Your task
Every record should be copied exactly, except that pictures are to be omitted.

--- Material provided ---

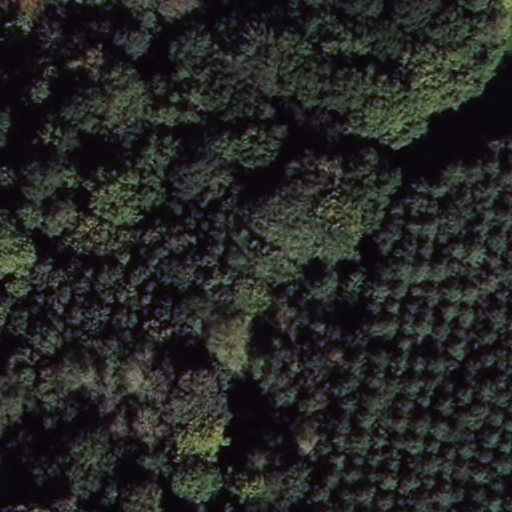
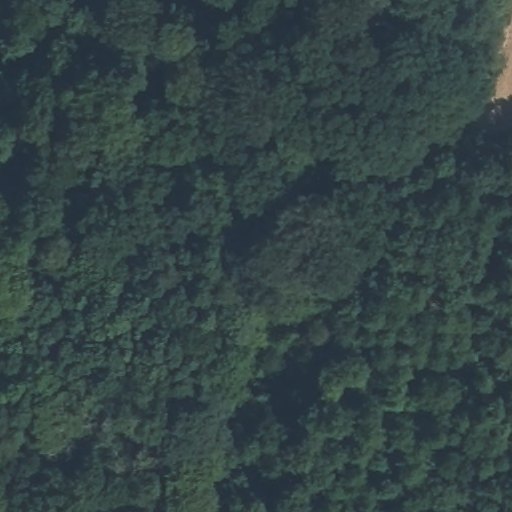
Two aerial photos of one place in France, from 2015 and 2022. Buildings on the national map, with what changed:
[]

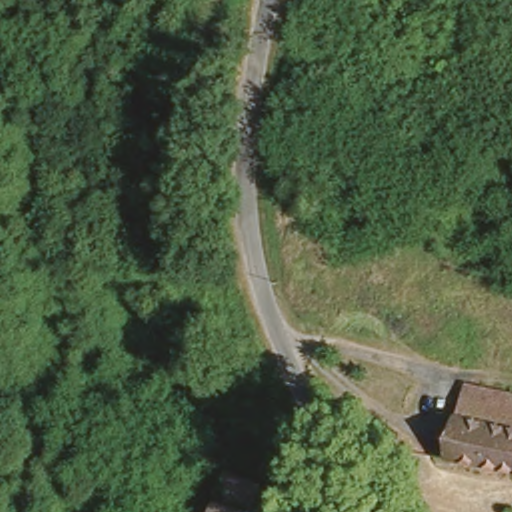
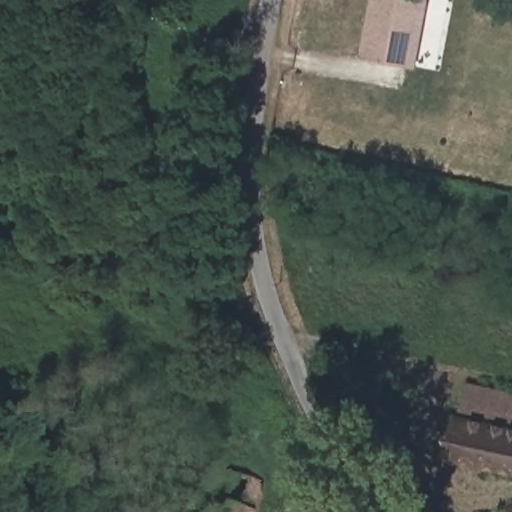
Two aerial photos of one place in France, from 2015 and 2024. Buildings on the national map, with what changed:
new [(360,59),(371,0),(430,0),(417,70),(360,59)]
unchanged [(467,384),(512,395),(512,470),(451,455),(467,384)]
unchanged [(229,472),(263,484),(250,512),(211,512),(216,499),(229,472)]

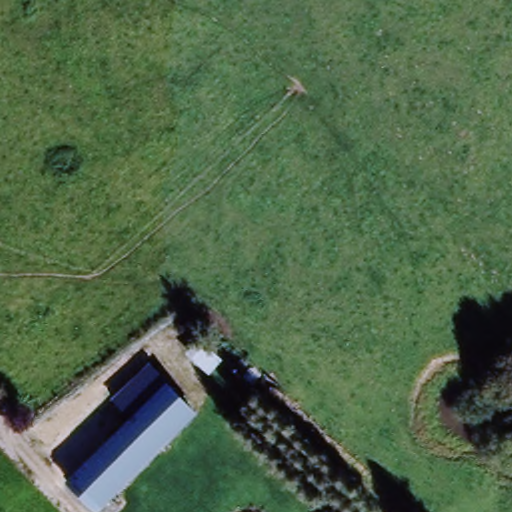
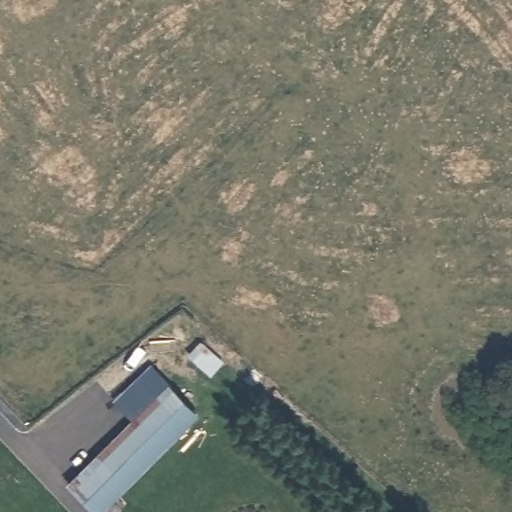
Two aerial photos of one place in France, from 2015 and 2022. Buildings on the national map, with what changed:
unchanged [(195,413),(100,509),(73,483),(133,422),(113,401),(150,365),(195,413)]

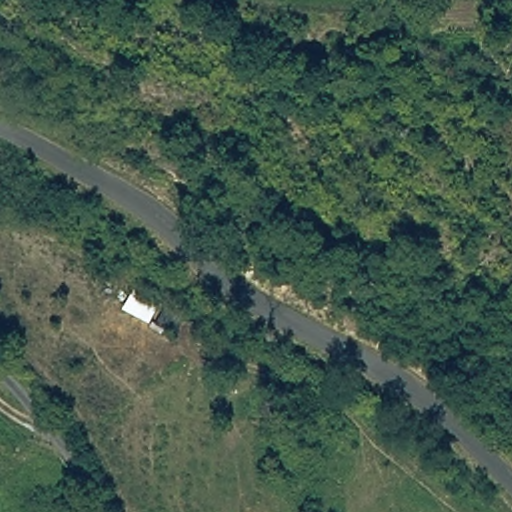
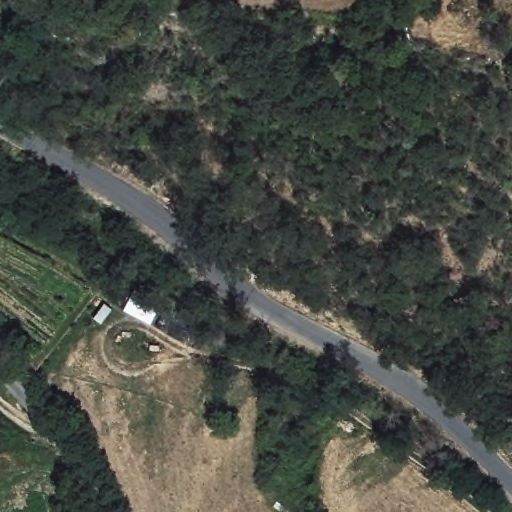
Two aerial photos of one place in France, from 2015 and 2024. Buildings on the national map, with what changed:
[]

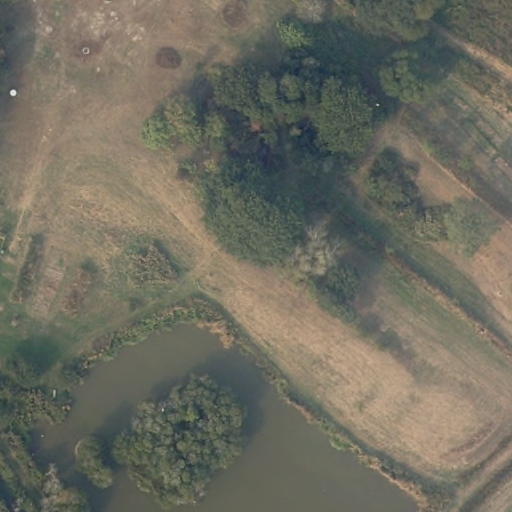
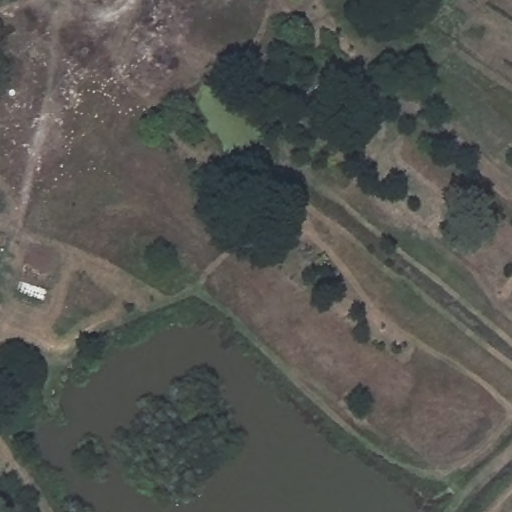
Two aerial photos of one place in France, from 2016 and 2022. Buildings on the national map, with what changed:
[]

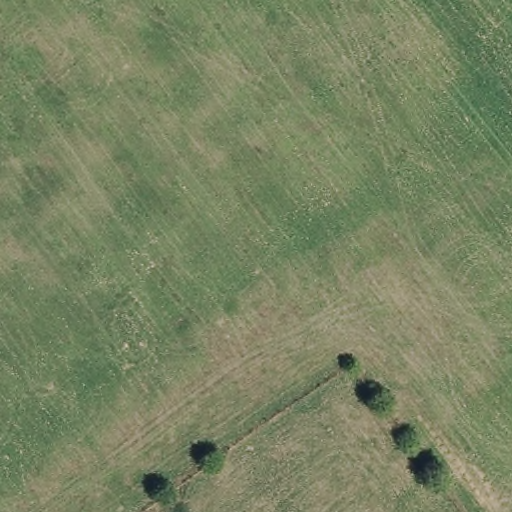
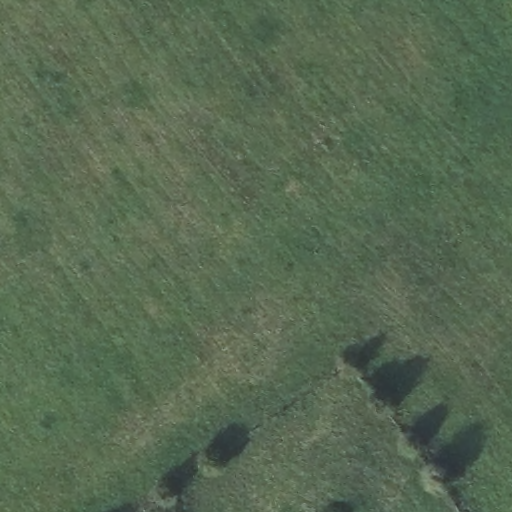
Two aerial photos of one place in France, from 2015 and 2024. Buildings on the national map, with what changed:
[]

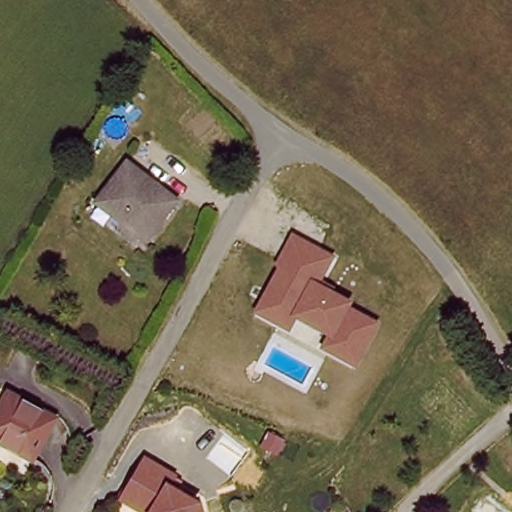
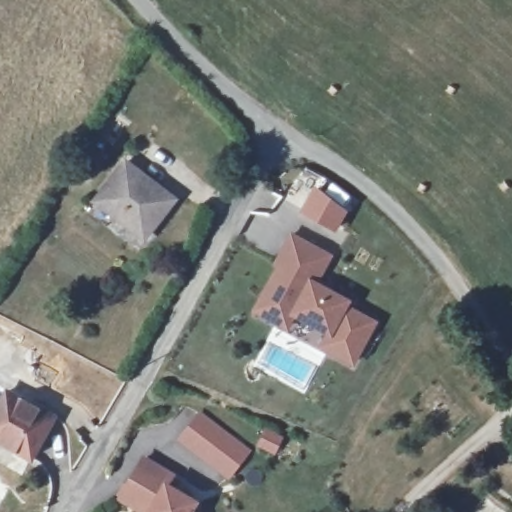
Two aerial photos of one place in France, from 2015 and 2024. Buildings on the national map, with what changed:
unchanged [(126,163),(172,200),(140,238),(95,201),(126,163)]
unchanged [(321,347),(327,333),(298,320),(291,330),(253,312),(278,266),(274,263),(291,232),(333,256),(318,282),(353,302),(350,308),(377,322),(355,365),(321,347)]
unchanged [(6,392),(51,419),(26,462),(0,447),(0,402),(6,392)]
new [(253,452),(229,482),(176,441),(199,411),(253,452)]
unchanged [(125,501),(148,461),(176,478),(171,487),(200,505),(202,512),(144,512),(125,501)]

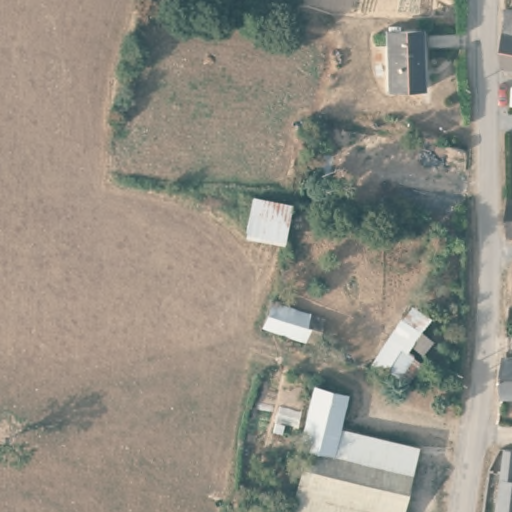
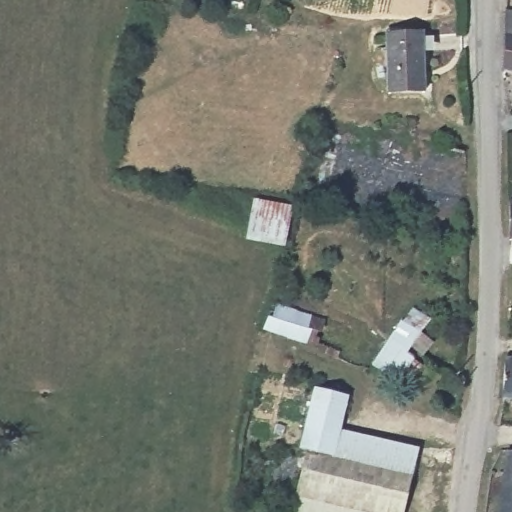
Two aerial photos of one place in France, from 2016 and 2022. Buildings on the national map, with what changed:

---

Exercise result
Two aerial photos of one place in France, from 2015 and 2022. Buildings on the national map, with what changed:
[]

Two aerial photos of one place in France, from 2015 and 2024. Buildings on the national map, with what changed:
new [(360,59),(371,0),(430,0),(417,70),(360,59)]
unchanged [(467,384),(512,395),(512,470),(451,455),(467,384)]
unchanged [(229,472),(263,484),(250,512),(211,512),(216,499),(229,472)]

Two aerial photos of one place in France, from 2015 and 2022. Buildings on the national map, with what changed:
unchanged [(195,413),(100,509),(73,483),(133,422),(113,401),(150,365),(195,413)]

Two aerial photos of one place in France, from 2015 and 2024. Buildings on the national map, with what changed:
[]

Two aerial photos of one place in France, from 2016 and 2022. Buildings on the national map, with what changed:
[]

Two aerial photos of one place in France, from 2015 and 2024. Buildings on the national map, with what changed:
[]

Two aerial photos of one place in France, from 2015 and 2024. Buildings on the national map, with what changed:
unchanged [(126,163),(172,200),(140,238),(95,201),(126,163)]
unchanged [(321,347),(327,333),(298,320),(291,330),(253,312),(278,266),(274,263),(291,232),(333,256),(318,282),(353,302),(350,308),(377,322),(355,365),(321,347)]
unchanged [(6,392),(51,419),(26,462),(0,447),(0,402),(6,392)]
new [(253,452),(229,482),(176,441),(199,411),(253,452)]
unchanged [(125,501),(148,461),(176,478),(171,487),(200,505),(202,512),(144,512),(125,501)]

Two aerial photos of one place in France, from 2016 and 2022. Buildings on the national map, with what changed:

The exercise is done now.